Hundreds of flights were canceled Wednesday at Dallas-Fort Worth International Airport as freezing rain iced parts of Texas, Oklahoma, Missouri and Arkansas braced for an ice storm.
More than half an inch of ice could accumulate in parts of the Ozarks through Friday morning, while a quarter- to a half-inch was expected in North Texas through Thursday, the National Weather Service said.

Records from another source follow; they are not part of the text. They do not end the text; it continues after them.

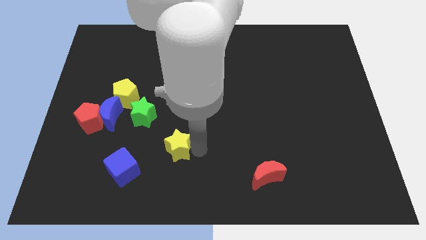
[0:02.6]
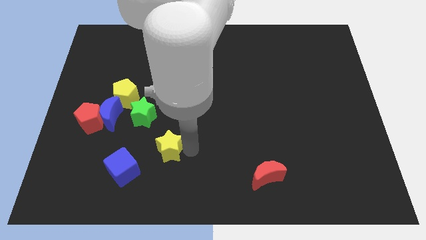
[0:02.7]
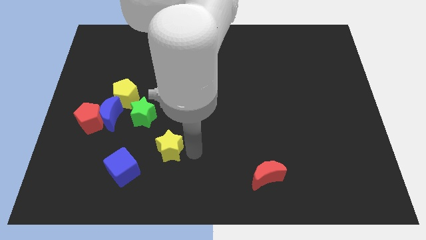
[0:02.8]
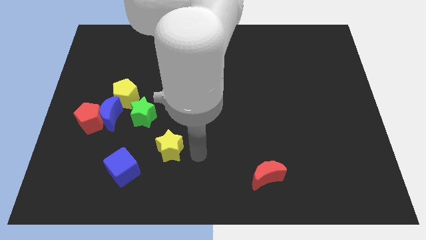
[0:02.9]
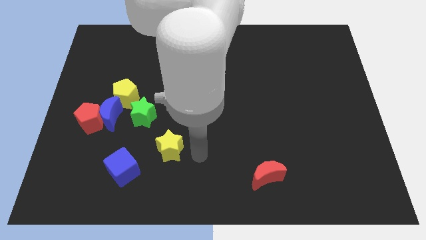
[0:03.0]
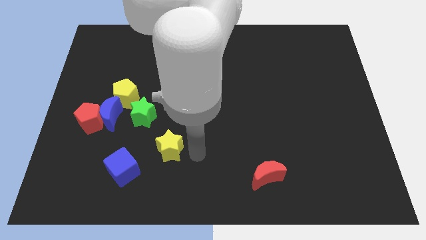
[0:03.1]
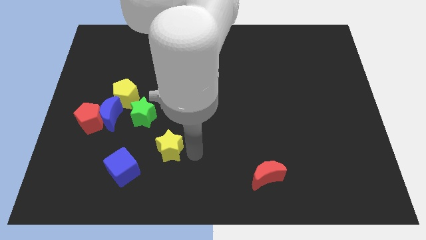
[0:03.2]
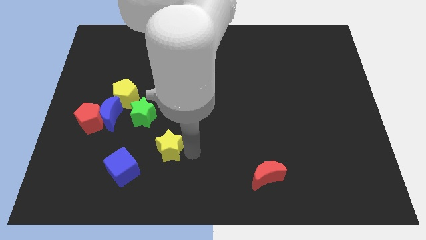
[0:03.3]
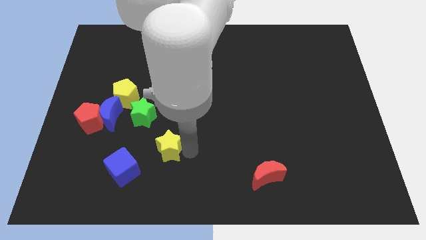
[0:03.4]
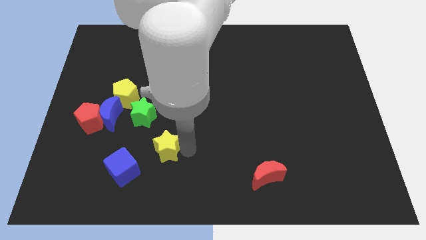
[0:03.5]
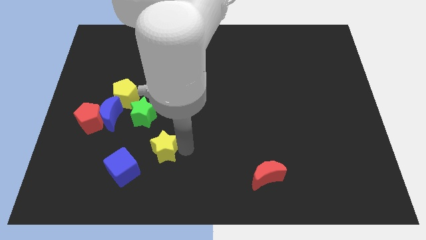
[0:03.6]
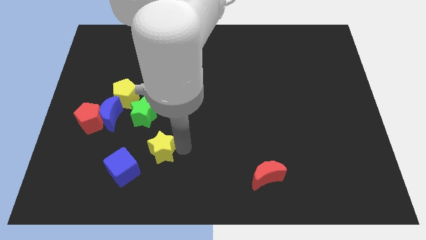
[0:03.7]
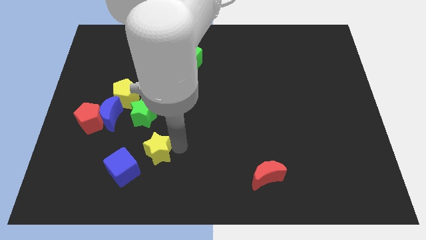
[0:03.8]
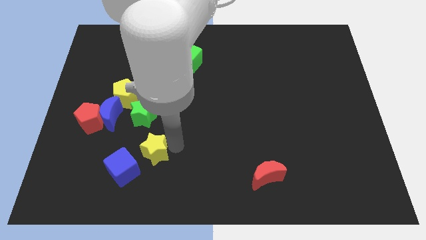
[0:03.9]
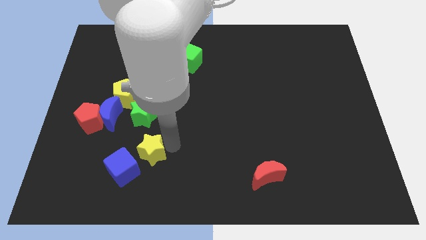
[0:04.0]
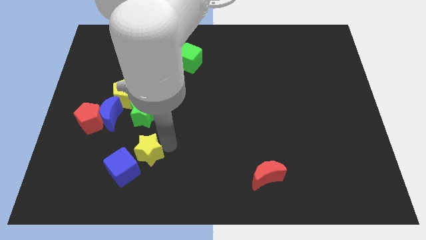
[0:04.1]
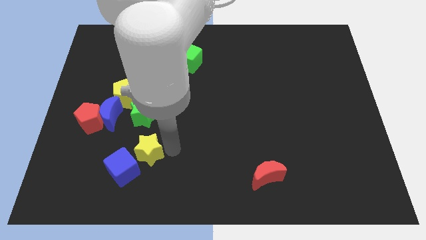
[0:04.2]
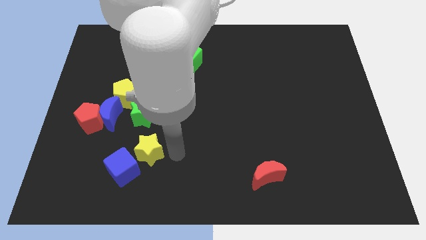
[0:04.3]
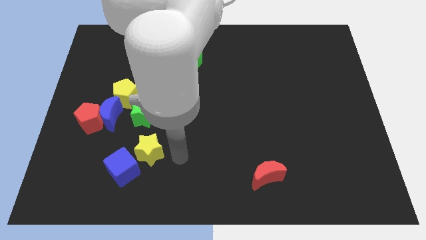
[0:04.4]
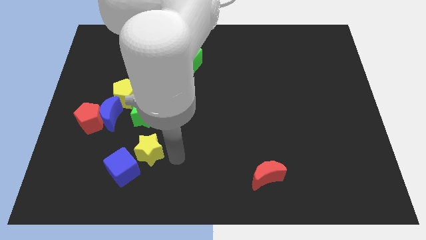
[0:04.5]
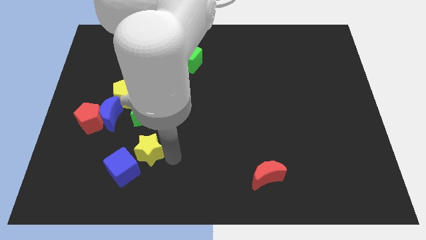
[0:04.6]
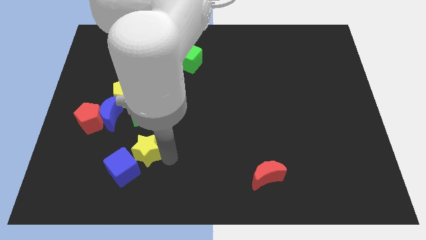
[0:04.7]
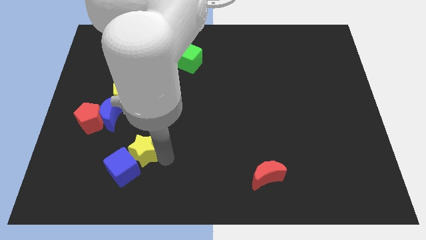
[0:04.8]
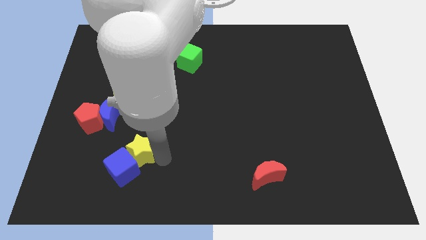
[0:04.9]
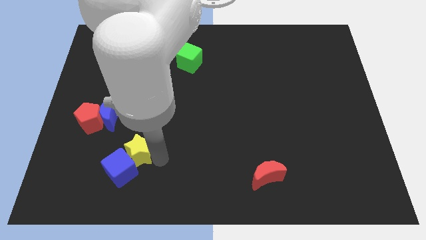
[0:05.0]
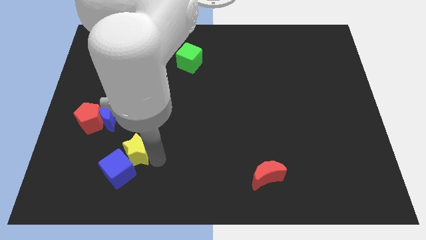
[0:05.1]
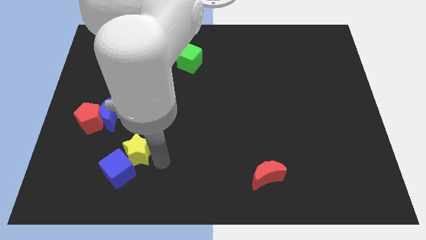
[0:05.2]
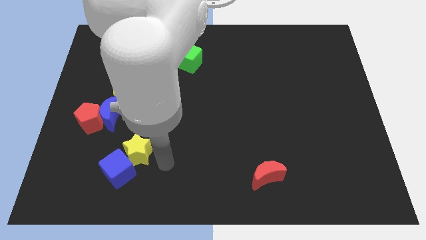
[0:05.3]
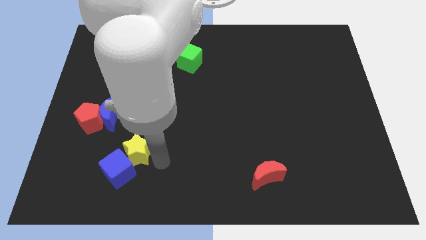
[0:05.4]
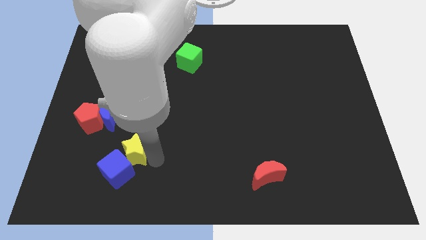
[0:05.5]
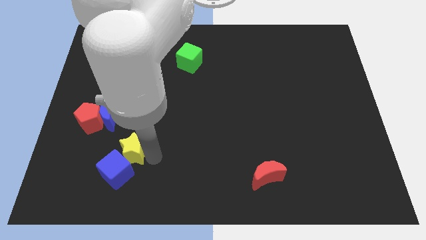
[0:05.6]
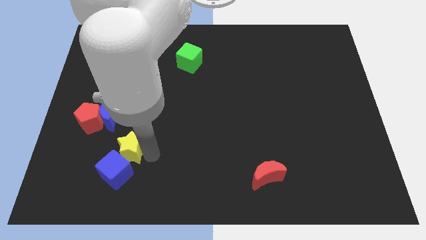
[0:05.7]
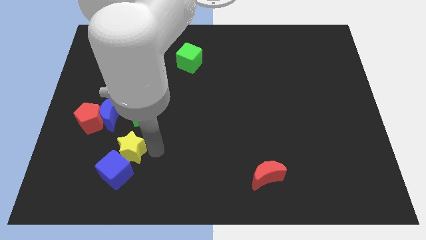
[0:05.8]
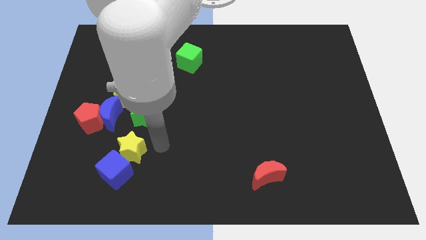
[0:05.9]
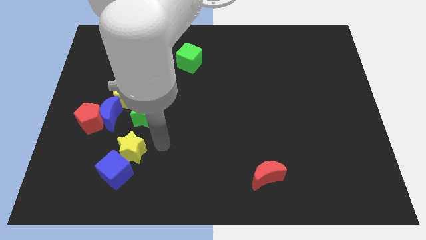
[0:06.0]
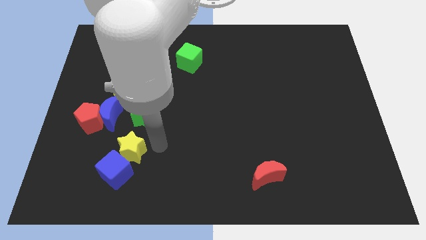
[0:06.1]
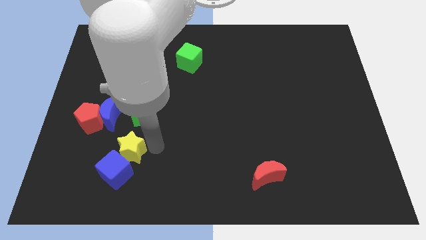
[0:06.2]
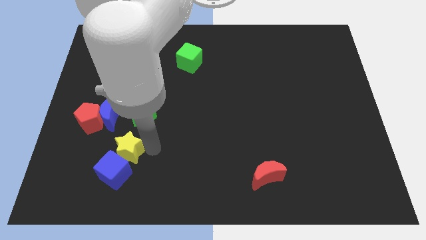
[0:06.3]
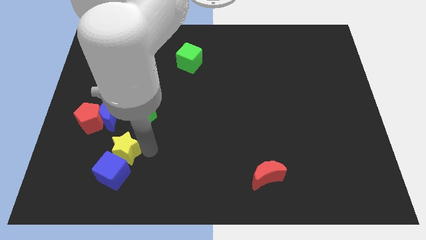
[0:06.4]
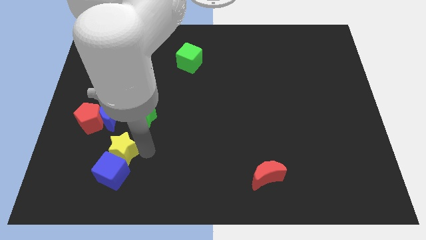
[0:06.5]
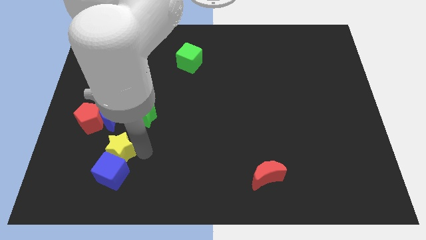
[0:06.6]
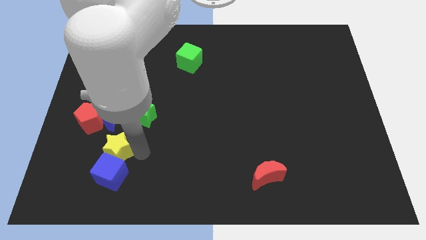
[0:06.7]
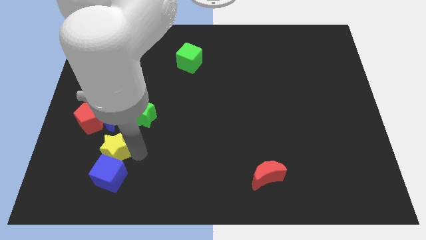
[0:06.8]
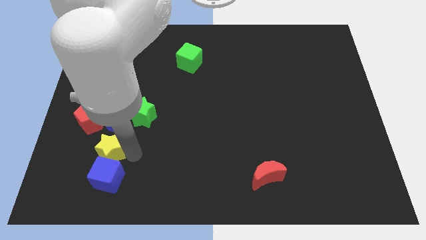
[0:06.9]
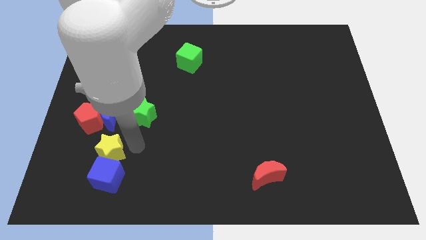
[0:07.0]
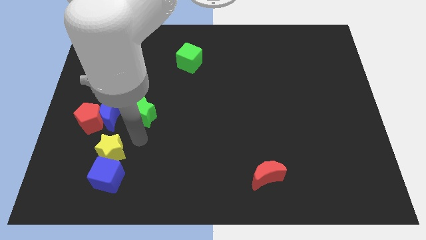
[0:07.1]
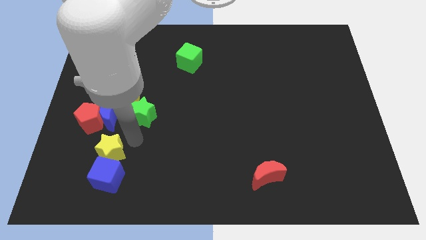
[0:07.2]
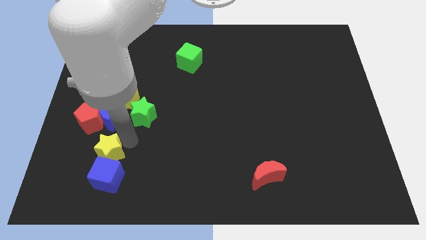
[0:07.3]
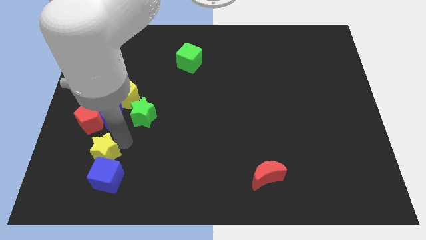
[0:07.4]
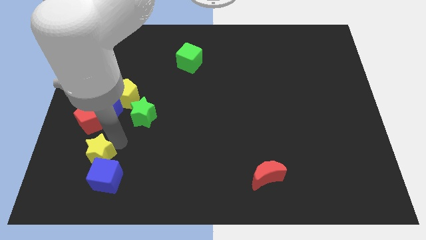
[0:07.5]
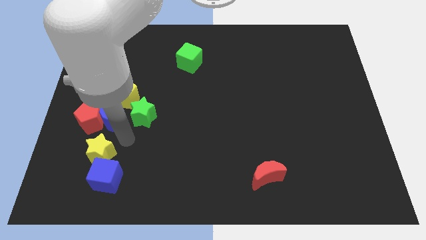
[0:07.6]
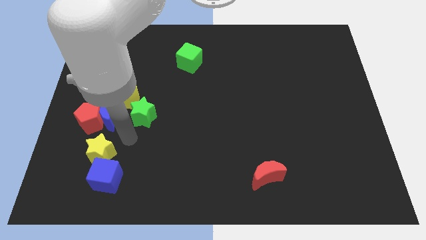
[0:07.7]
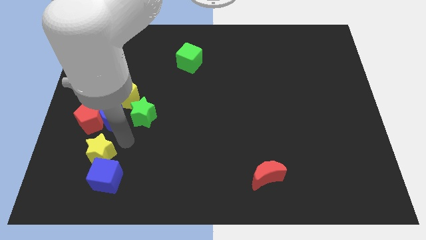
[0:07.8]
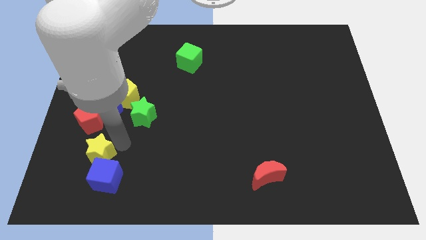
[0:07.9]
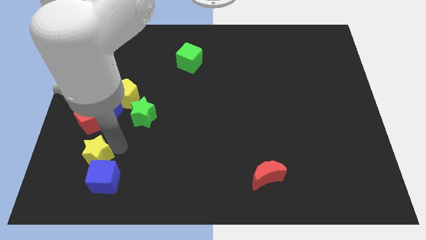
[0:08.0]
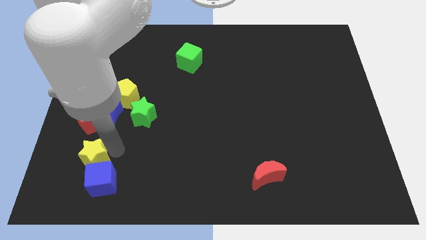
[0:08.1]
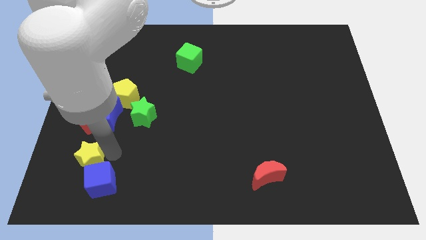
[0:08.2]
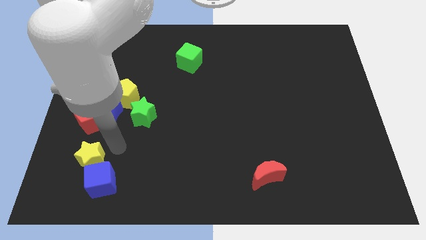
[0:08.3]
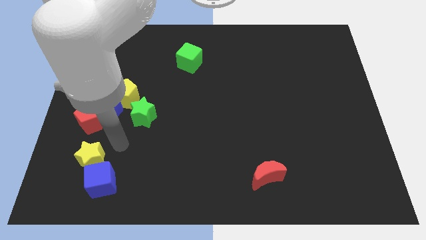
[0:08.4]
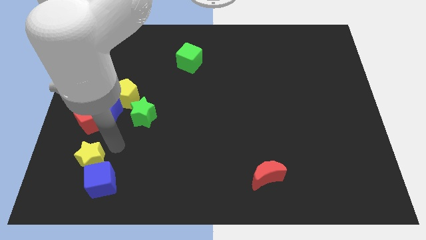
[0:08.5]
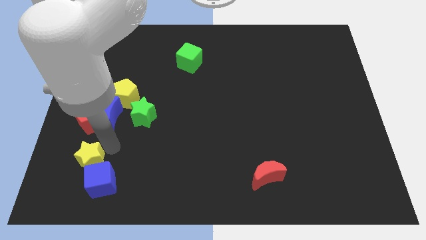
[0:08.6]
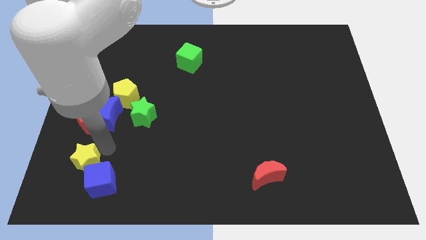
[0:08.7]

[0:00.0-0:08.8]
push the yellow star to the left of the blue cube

Airlines had canceled more than 2,000 Thursday flights by Wednesday night, according to the FlightAware.com tracking site. About half of them were at the Dallas-Fort Worth airport, where temperatures were expected to top out above freezing only briefly late Thursday afternoon.
DFW Airport is the biggest in the American Airlines network, and American had canceled 21% of its Thursday flights by Wednesday night, according to FlightAware.
Meanwhile, heavy snow was expected in upstate New York and New England later this week, with more than 8 inches (20 centimeters) possible through Saturday morning.
Winter took a fleeting break in the Northeast on Wednesday, with temperatures soaring into the 60s before they were expected to plunge within hours.
The warm spell sent people streaming outdoors, but it was bad news for ski areas and other winter sports.
“It’s not exactly what you want to see in the middle of the busiest week of the year,” said Ethan Austin, spokesperson for the Sugarloaf ski area in Maine, which was busy because of school vacation week. But he was happy to hear snow was on the way.
The weather whiplash marked the second time in less than a week that there was to be a temperature swing of more than 40 degrees in 24 hours.